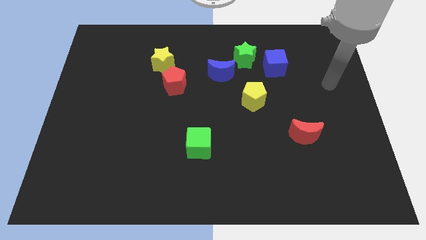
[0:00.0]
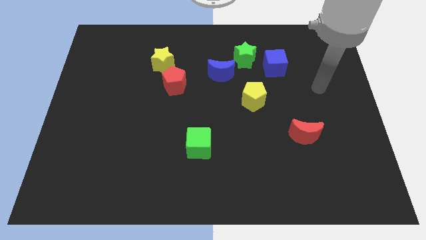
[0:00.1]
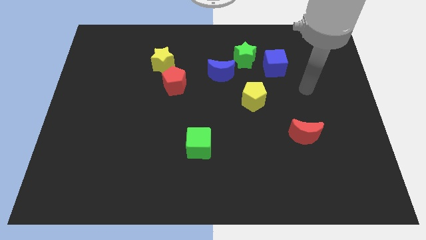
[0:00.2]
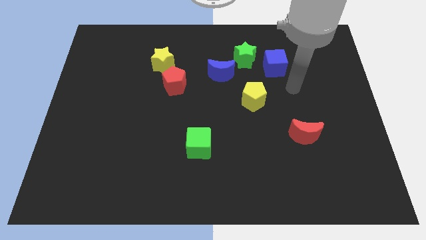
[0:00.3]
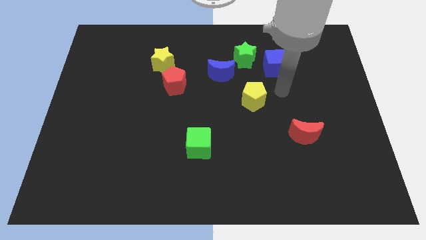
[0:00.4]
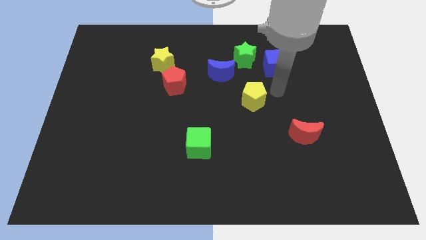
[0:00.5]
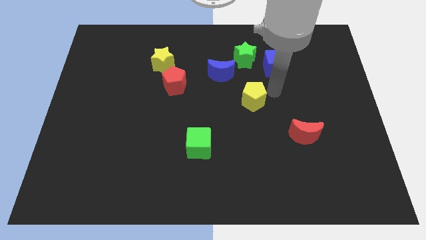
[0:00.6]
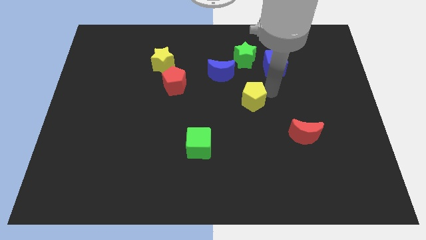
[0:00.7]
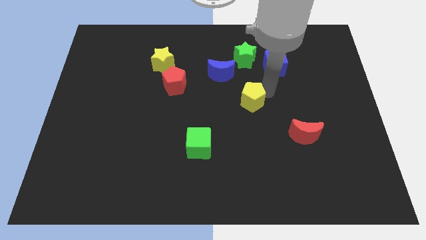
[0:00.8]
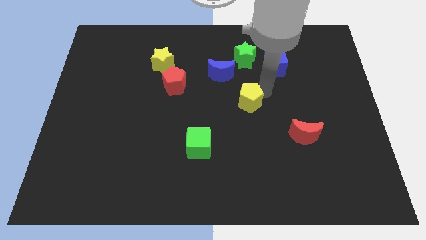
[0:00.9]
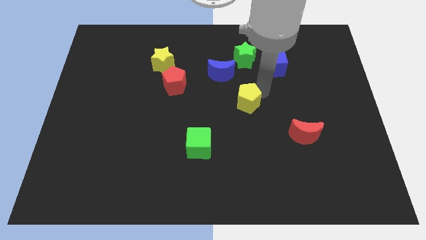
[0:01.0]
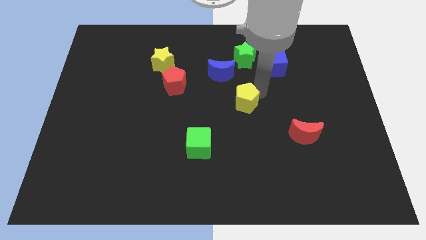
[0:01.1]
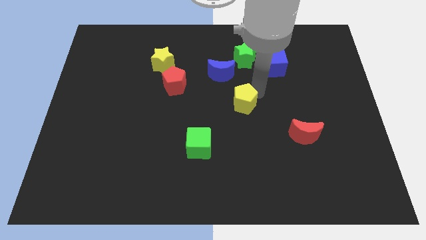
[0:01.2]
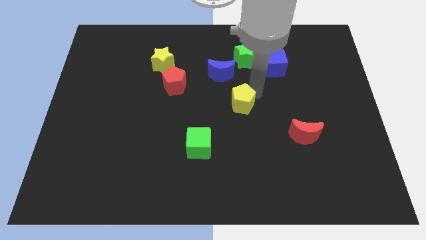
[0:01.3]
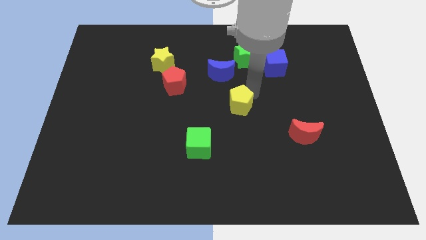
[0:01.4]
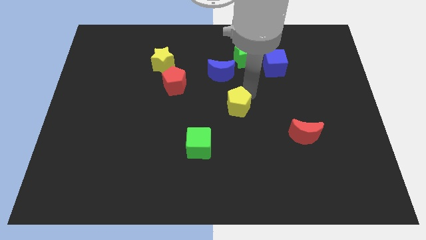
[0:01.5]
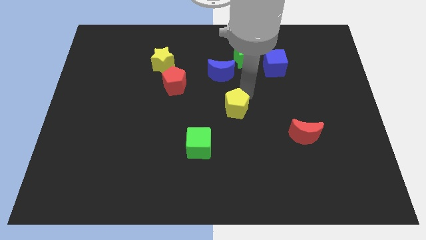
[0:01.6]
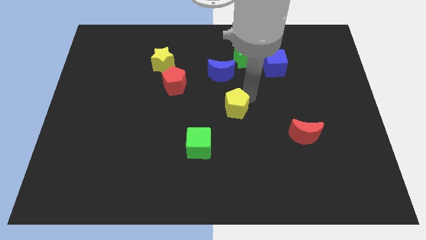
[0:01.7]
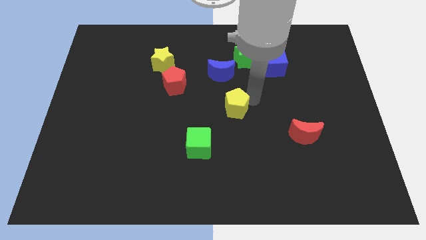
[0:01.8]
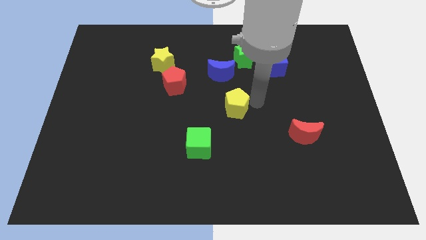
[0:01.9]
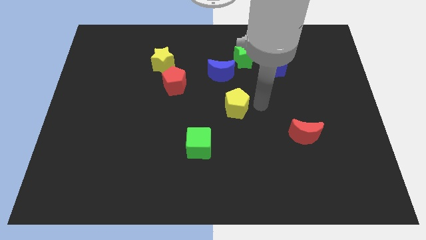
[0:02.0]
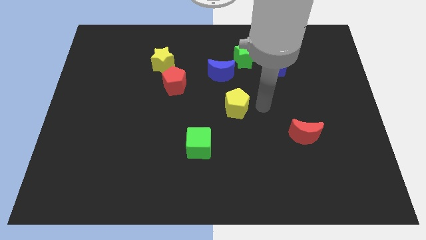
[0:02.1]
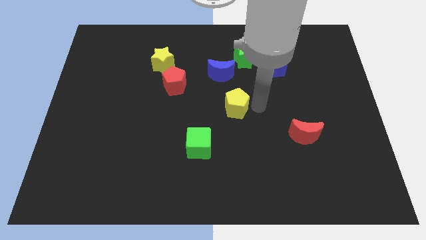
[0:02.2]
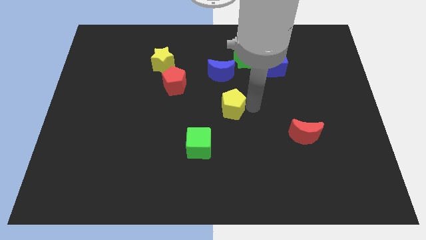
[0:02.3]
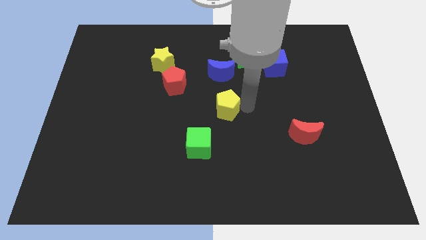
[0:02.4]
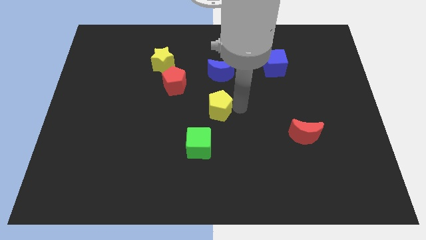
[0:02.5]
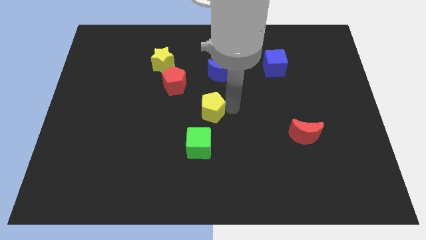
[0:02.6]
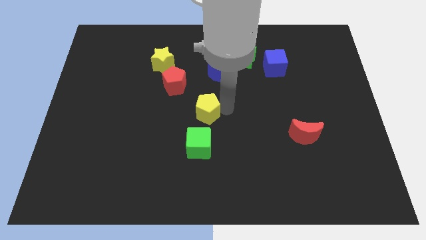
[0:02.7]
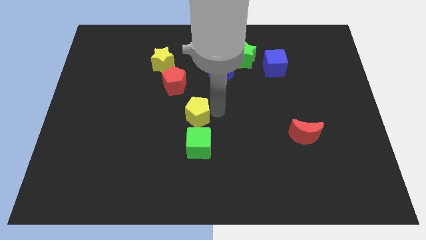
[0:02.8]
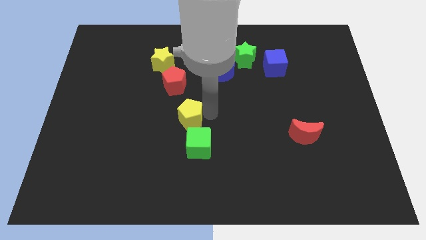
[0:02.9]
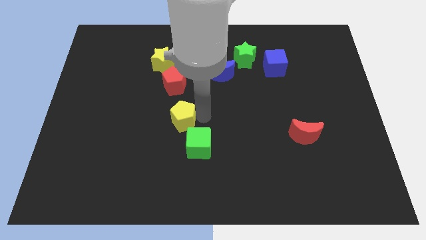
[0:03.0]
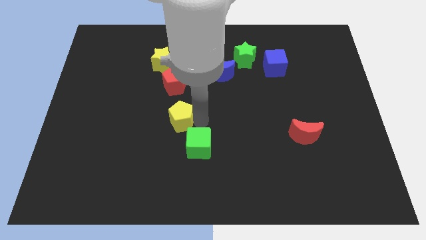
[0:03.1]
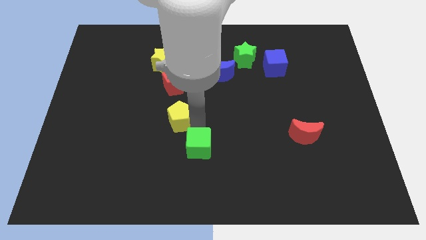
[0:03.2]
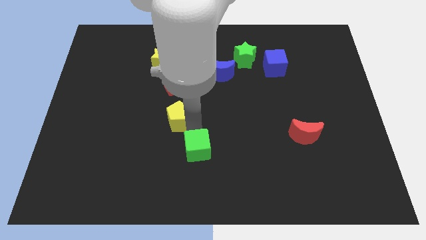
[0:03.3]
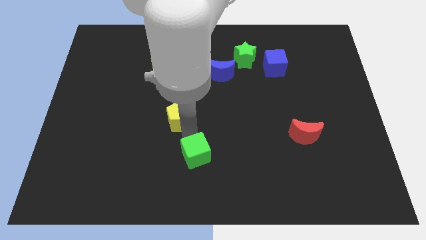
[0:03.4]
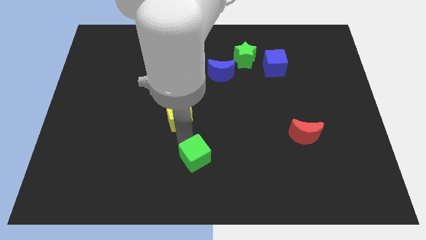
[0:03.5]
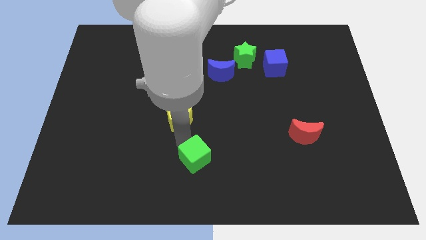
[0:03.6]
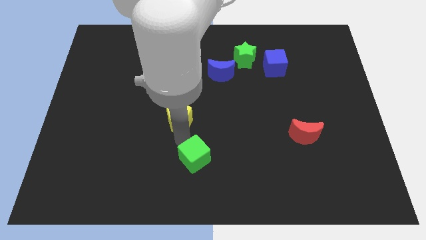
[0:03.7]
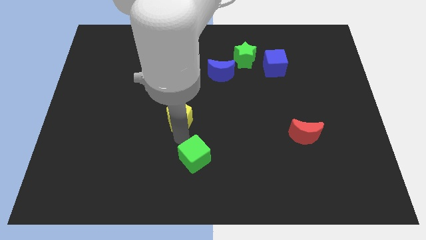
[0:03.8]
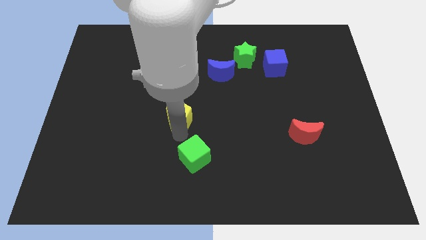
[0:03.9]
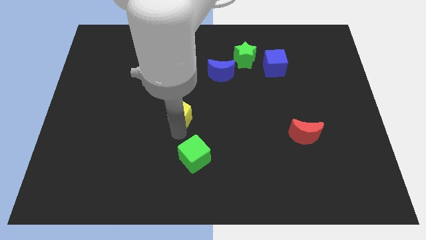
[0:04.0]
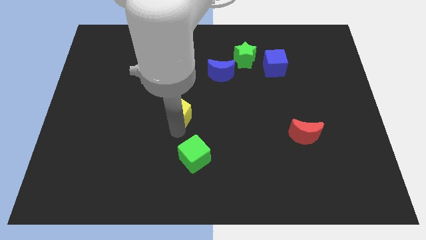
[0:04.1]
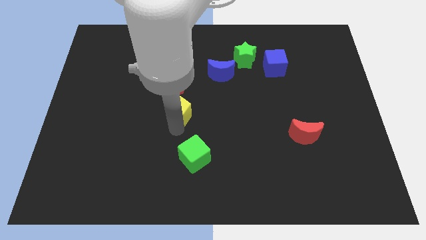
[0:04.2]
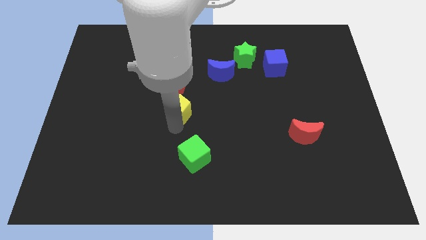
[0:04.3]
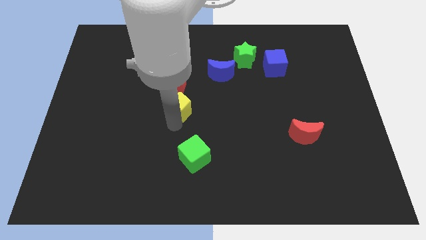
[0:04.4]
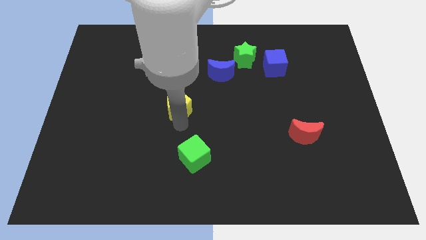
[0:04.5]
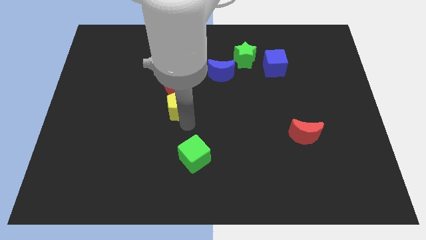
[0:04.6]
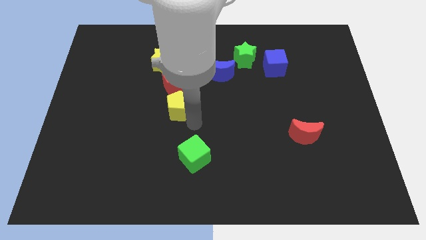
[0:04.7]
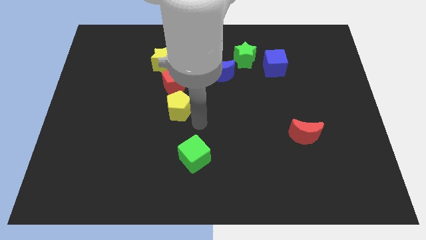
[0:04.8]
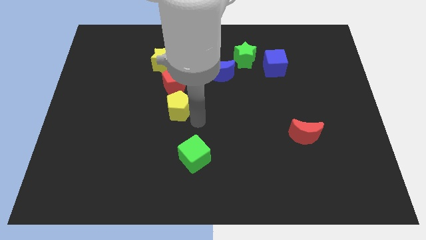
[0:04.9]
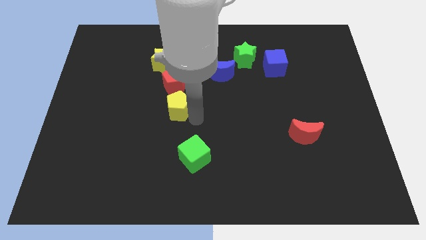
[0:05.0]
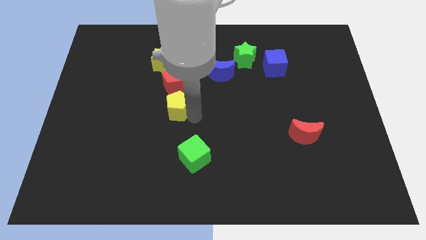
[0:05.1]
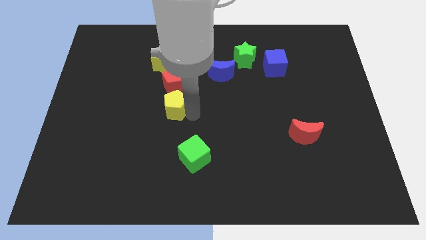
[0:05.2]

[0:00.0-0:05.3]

# # # # #

### Work required:
What this calls for is a word-for-word copy of the listing above, pictures excluded.

### Response to the exercise:
[0:00.0]
[0:00.1]
[0:00.2]
[0:00.3]
[0:00.4]
[0:00.5]
[0:00.6]
[0:00.7]
[0:00.8]
[0:00.9]
[0:01.0]
[0:01.1]
[0:01.2]
[0:01.3]
[0:01.4]
[0:01.5]
[0:01.6]
[0:01.7]
[0:01.8]
[0:01.9]
[0:02.0]
[0:02.1]
[0:02.2]
[0:02.3]
[0:02.4]
[0:02.5]
[0:02.6]
[0:02.7]
[0:02.8]
[0:02.9]
[0:03.0]
[0:03.1]
[0:03.2]
[0:03.3]
[0:03.4]
[0:03.5]
[0:03.6]
[0:03.7]
[0:03.8]
[0:03.9]
[0:04.0]
[0:04.1]
[0:04.2]
[0:04.3]
[0:04.4]
[0:04.5]
[0:04.6]
[0:04.7]
[0:04.8]
[0:04.9]
[0:05.0]
[0:05.1]
[0:05.2]

[0:00.0-0:05.3]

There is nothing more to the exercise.